First, we analyzed how correlations and connectivity depended on the difference in preferred orientations ($\Delta \mbox{ori}$) of pairs of significantly ($\alpha=0.05$) tuned cells. The partial correlations decayed more rapidly with $\Delta\mbox{ori}$ than did sample correlations ($p<10^{-9}$ in each of the five sites, two-sample $t$-test of the difference of the linear regression coefficients). Positive connectivity decreased with $\Delta\mbox{ori}$ ($p<0.005$ in each of the five sites, $t$-test on the logistic regression coefficient) whereas negative connectivity did not decrease (Fig.~\ref{fig:7} D): The slope in the logistic model of connectivity with respect to $\Delta\mbox{ori}$ was significantly higher for positive than for negative interactions ($p<0.04$ in each of the five sites, two-sample $t$-test of the difference of the logistic regression coefficient).
Second, we compared how correlations and connectivity depended on the physical distance separating pairs of cells.

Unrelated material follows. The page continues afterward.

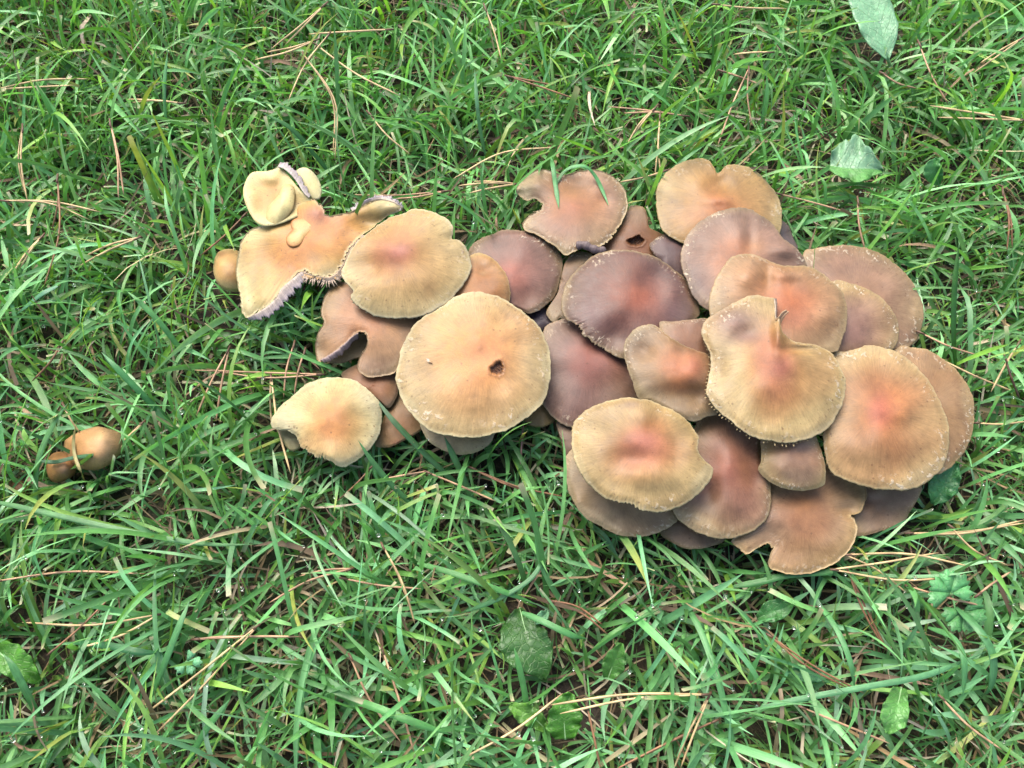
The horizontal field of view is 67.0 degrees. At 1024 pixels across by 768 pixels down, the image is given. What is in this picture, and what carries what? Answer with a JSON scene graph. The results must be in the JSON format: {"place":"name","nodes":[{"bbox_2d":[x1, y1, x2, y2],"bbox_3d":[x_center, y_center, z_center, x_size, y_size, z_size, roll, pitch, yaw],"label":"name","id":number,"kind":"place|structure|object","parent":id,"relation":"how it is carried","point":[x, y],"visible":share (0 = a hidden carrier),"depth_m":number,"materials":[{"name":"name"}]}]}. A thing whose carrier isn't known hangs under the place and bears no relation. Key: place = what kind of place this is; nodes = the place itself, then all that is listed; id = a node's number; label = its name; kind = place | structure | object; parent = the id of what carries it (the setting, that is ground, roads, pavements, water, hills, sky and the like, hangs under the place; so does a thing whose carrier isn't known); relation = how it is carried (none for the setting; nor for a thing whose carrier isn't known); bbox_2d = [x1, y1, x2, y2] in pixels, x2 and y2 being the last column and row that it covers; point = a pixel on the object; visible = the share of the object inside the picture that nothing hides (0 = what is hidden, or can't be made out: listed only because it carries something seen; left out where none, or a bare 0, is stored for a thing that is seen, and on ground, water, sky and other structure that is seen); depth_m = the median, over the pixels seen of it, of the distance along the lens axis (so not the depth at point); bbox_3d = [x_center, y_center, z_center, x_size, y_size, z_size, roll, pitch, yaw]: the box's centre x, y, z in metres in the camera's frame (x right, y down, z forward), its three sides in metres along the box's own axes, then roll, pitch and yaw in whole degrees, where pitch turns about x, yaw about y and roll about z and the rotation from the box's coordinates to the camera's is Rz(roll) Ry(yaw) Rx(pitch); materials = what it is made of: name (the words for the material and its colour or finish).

We distinguished between lateral distance, $\Delta x$, in the plane parallel to the pia, and vertical distance, $\Delta z$, orthogonal to the pia. When considering the dependence on $\Delta x$, the analysis was limited to cell pairs located at the same depth with $\Delta z < 30\,\mu\mbox{m}$; conversely, when considering the dependence on $\Delta z$, only vertically aligned cell pairs with $\Delta x < 30\,\mu\mbox{m}$ were included. Again, the partial correlations decayed more rapidly both laterally and vertically than sample correlations ($p<10^{-6}$ in each of the five sites, for both lateral and vertical distances, two-sample $t$-test of the difference of the linear regression coefficients).

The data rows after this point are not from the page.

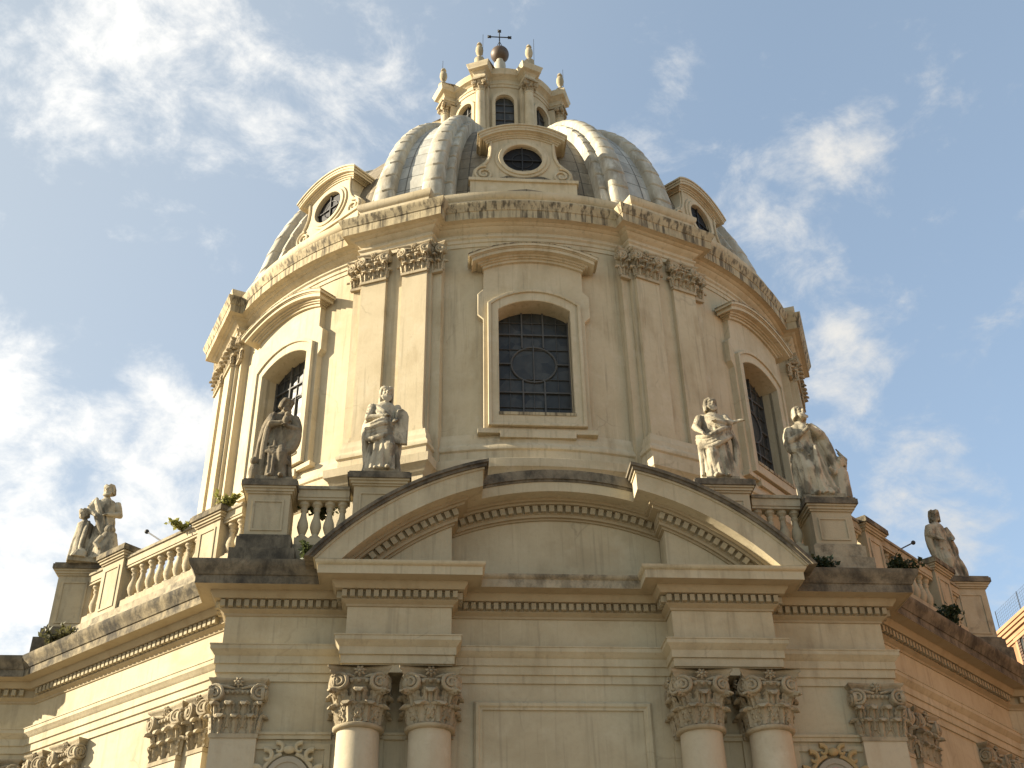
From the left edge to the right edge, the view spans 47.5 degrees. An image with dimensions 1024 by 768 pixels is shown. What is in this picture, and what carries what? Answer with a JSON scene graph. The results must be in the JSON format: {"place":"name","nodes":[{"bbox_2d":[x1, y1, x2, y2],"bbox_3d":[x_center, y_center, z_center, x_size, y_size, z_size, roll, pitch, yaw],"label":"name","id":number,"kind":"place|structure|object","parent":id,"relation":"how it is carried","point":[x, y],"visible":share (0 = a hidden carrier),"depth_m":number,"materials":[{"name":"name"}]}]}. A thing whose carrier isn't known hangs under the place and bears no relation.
{"place":"outdoors","nodes":[
{"label":"outdoors","id":0,"kind":"place"},
{"bbox_2d":[0,30,1023,767],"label":"church","id":1,"kind":"structure","parent":0,"point":[536,308],"depth_m":34.07,"materials":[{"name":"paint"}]},
{"bbox_2d":[38,622,75,644],"bbox_3d":[-14.376,8.000,36.835,1.031,0.980,0.908,1,-34,-4],"label":"bush","id":2,"kind":"object","parent":1,"relation":"on","point":[48,636],"visible":0.56,"depth_m":36.73,"materials":[{"name":"green plant"}]},
{"bbox_2d":[29,501,246,651],"bbox_3d":[-11.580,6.300,36.419,9.668,3.180,2.400,-25,-41,31],"label":"balustrade","id":3,"kind":"object","parent":1,"relation":"on","point":[115,581],"visible":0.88,"depth_m":36.58,"materials":[{"name":"stone"}]},
{"bbox_2d":[66,484,122,563],"bbox_3d":[-13.998,4.792,39.663,1.749,3.126,1.186,9,-35,-14],"label":"statue","id":4,"kind":"object","parent":3,"relation":"on","point":[90,542],"visible":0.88,"depth_m":39.27,"materials":[{"name":"stone"}]},
{"bbox_2d":[145,529,163,542],"bbox_3d":[-11.191,4.842,36.689,1.172,0.863,0.143,-20,-38,25],"label":"spotlight rod","id":5,"kind":"object","parent":3,"relation":"attached to","point":[147,531],"visible":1,"depth_m":37.01,"materials":[{"name":"metal"}]},
{"bbox_2d":[164,517,191,531],"bbox_3d":[-10.115,4.295,35.851,1.101,0.501,0.568,1,-34,-4],"label":"fern","id":6,"kind":"object","parent":3,"relation":"on","point":[176,523],"visible":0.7,"depth_m":35.77,"materials":[{"name":"green plant"}]},
{"bbox_2d":[213,488,243,506],"bbox_3d":[-8.598,3.526,35.036,0.832,0.642,0.827,-19,-38,25],"label":"fern","id":7,"kind":"object","parent":3,"relation":"on","point":[226,499],"visible":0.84,"depth_m":35.01,"materials":[{"name":"green plant"}]},
{"bbox_2d":[236,287,335,502],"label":"window","id":8,"kind":"structure","parent":1,"relation":"in","point":[295,324],"depth_m":45.24,"materials":[{"name":"stone"}]},
{"bbox_2d":[298,539,312,558],"bbox_3d":[-5.590,4.523,31.561,0.456,0.647,0.368,1,-34,-4],"label":"weed","id":9,"kind":"object","parent":1,"relation":"on","point":[306,547],"visible":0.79,"depth_m":31.55,"materials":[{"name":"green plant"}]},
{"bbox_2d":[227,471,411,558],"bbox_3d":[-5.367,4.197,33.502,5.045,3.200,1.600,1,-34,-4],"label":"balustrade","id":10,"kind":"object","parent":1,"relation":"on","point":[272,508],"visible":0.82,"depth_m":33.43,"materials":[{"name":"stone"}]},
{"bbox_2d":[248,397,301,478],"bbox_3d":[-7.055,1.780,34.925,1.444,3.076,1.072,5,-34,-9],"label":"statue","id":11,"kind":"object","parent":10,"relation":"on","point":[279,439],"visible":0.85,"depth_m":34.62,"materials":[{"name":"stone"}]},
{"bbox_2d":[297,501,351,520],"bbox_3d":[-5.634,3.681,34.329,1.840,0.889,0.594,1,-34,-4],"label":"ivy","id":12,"kind":"object","parent":10,"relation":"attached to","point":[322,513],"visible":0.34,"depth_m":34.23,"materials":[{"name":"green plant"}]},
{"bbox_2d":[361,386,408,471],"bbox_3d":[-3.861,1.482,35.343,1.409,3.288,1.120,3,-34,-6],"label":"statue","id":13,"kind":"object","parent":10,"relation":"on","point":[384,432],"visible":0.91,"depth_m":35.02,"materials":[{"name":"stone"}]},
{"bbox_2d":[456,101,474,120],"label":"lantern window","id":14,"kind":"structure","parent":1,"relation":"in","point":[470,112],"depth_m":64.13,"materials":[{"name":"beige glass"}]},
{"bbox_2d":[492,92,517,125],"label":"lantern window","id":15,"kind":"structure","parent":1,"relation":"in","point":[504,111],"depth_m":63.24,"materials":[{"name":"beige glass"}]},
{"bbox_2d":[467,242,598,440],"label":"window","id":16,"kind":"structure","parent":1,"relation":"in","point":[527,394],"depth_m":42.35,"materials":[{"name":"stone"}]},
{"bbox_2d":[534,103,549,126],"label":"lantern window","id":17,"kind":"structure","parent":1,"relation":"in","point":[539,120],"depth_m":64.47,"materials":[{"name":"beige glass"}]},
{"bbox_2d":[714,300,796,494],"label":"window","id":18,"kind":"structure","parent":1,"relation":"in","point":[750,340],"depth_m":46.20,"materials":[{"name":"stone"}]},
{"bbox_2d":[694,478,876,567],"bbox_3d":[7.793,4.537,34.406,5.045,3.200,1.600,1,-34,-4],"label":"balustrade","id":19,"kind":"object","parent":1,"relation":"on","point":[822,527],"visible":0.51,"depth_m":34.43,"materials":[{"name":"stone"}]},
{"bbox_2d":[691,397,744,478],"bbox_3d":[6.388,1.828,36.060,1.579,3.168,1.033,8,-35,-13],"label":"statue","id":20,"kind":"object","parent":19,"relation":"on","point":[717,459],"visible":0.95,"depth_m":35.69,"materials":[{"name":"stone"}]},
{"bbox_2d":[783,406,852,502],"bbox_3d":[9.443,2.231,36.062,1.934,3.518,1.257,-2,-34,1],"label":"statue","id":21,"kind":"object","parent":19,"relation":"on","point":[818,467],"visible":0.91,"depth_m":35.64,"materials":[{"name":"stone"}]},
{"bbox_2d":[809,554,840,566],"bbox_3d":[8.577,5.139,32.857,1.262,0.774,0.920,11,-36,-18],"label":"shrub","id":22,"kind":"object","parent":1,"relation":"on","point":[823,561],"visible":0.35,"depth_m":32.73,"materials":[{"name":"green plant"}]},
{"bbox_2d":[852,515,1016,660],"bbox_3d":[13.433,6.947,38.138,2.400,3.180,9.668,-28,-42,34],"label":"balustrade","id":23,"kind":"object","parent":1,"relation":"on","point":[937,582],"visible":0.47,"depth_m":39.10,"materials":[{"name":"stone"}]},
{"bbox_2d":[886,552,924,568],"bbox_3d":[12.242,5.783,36.339,1.292,1.150,0.786,1,-34,-4],"label":"ivy","id":24,"kind":"object","parent":23,"relation":"attached to","point":[897,562],"visible":0.5,"depth_m":36.29,"materials":[{"name":"green plant"}]},
{"bbox_2d":[898,540,915,550],"bbox_3d":[12.842,5.335,38.149,1.468,0.864,0.143,25,-42,-33],"label":"spotlight rod","id":25,"kind":"object","parent":23,"relation":"attached to","point":[913,542],"visible":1,"depth_m":38.57,"materials":[{"name":"metal"}]},
{"bbox_2d":[924,509,968,575],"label":"statue","id":26,"kind":"object","parent":23,"relation":"on","point":[940,542],"visible":0.61,"depth_m":42.06,"materials":[{"name":"stone"}]},
{"bbox_2d":[934,601,964,626],"bbox_3d":[13.517,7.289,36.600,1.696,1.056,0.745,1,-34,-4],"label":"bush","id":27,"kind":"object","parent":1,"relation":"on","point":[950,613],"visible":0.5,"depth_m":36.55,"materials":[{"name":"green plant"}]},
{"bbox_2d":[0,0,1023,654],"label":"sky","id":28,"kind":"structure","parent":0,"point":[865,158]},
{"bbox_3d":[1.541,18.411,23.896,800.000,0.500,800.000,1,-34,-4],"label":"ground","id":29,"kind":"structure","parent":0,"visible":0},
{"bbox_2d":[996,606,1023,664],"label":"house","id":30,"kind":"structure","parent":29,"relation":"on","point":[1010,631],"depth_m":69.02,"materials":[{"name":"orange paint"}]},
{"bbox_2d":[995,590,1023,627],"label":"wire fence","id":31,"kind":"object","parent":30,"relation":"on","point":[1008,607],"visible":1,"depth_m":69.86,"materials":[{"name":"metal"}]},
{"bbox_2d":[1013,630,1023,664],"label":"window","id":32,"kind":"structure","parent":30,"relation":"in","point":[1019,639],"depth_m":68.67,"materials":[{"name":"white glass"}]}
]}

Positive connectivity decayed with distance ($p<10^{-6}$ in each of the five sites for positive interactions and $p<0.05$ for negative interactions, $t$-test on the logistic regression coefficient) (Fig.~\ref{fig:7} E), so that cells separated laterally by less than 25 $\mu\mbox{m}$ were 3.2 times more likely to be connected than cells separated laterally by more than 150 $\mu\mbox{m}$. Although the positive connectivity appeared to decay faster with vertical than with lateral distance, the differences in slopes of the respective logistic regression models were not significant with available data. The negative connectivity decayed slower with distance (Fig.~\ref{fig:7} E and F): The slope in the respective logistic models with respect to the lateral distance was significantly higher for positive than for negative connectivities ($p<0.05$ in each of the five sites, two-sample $t$-test of the difference of the logistic regression coefficients).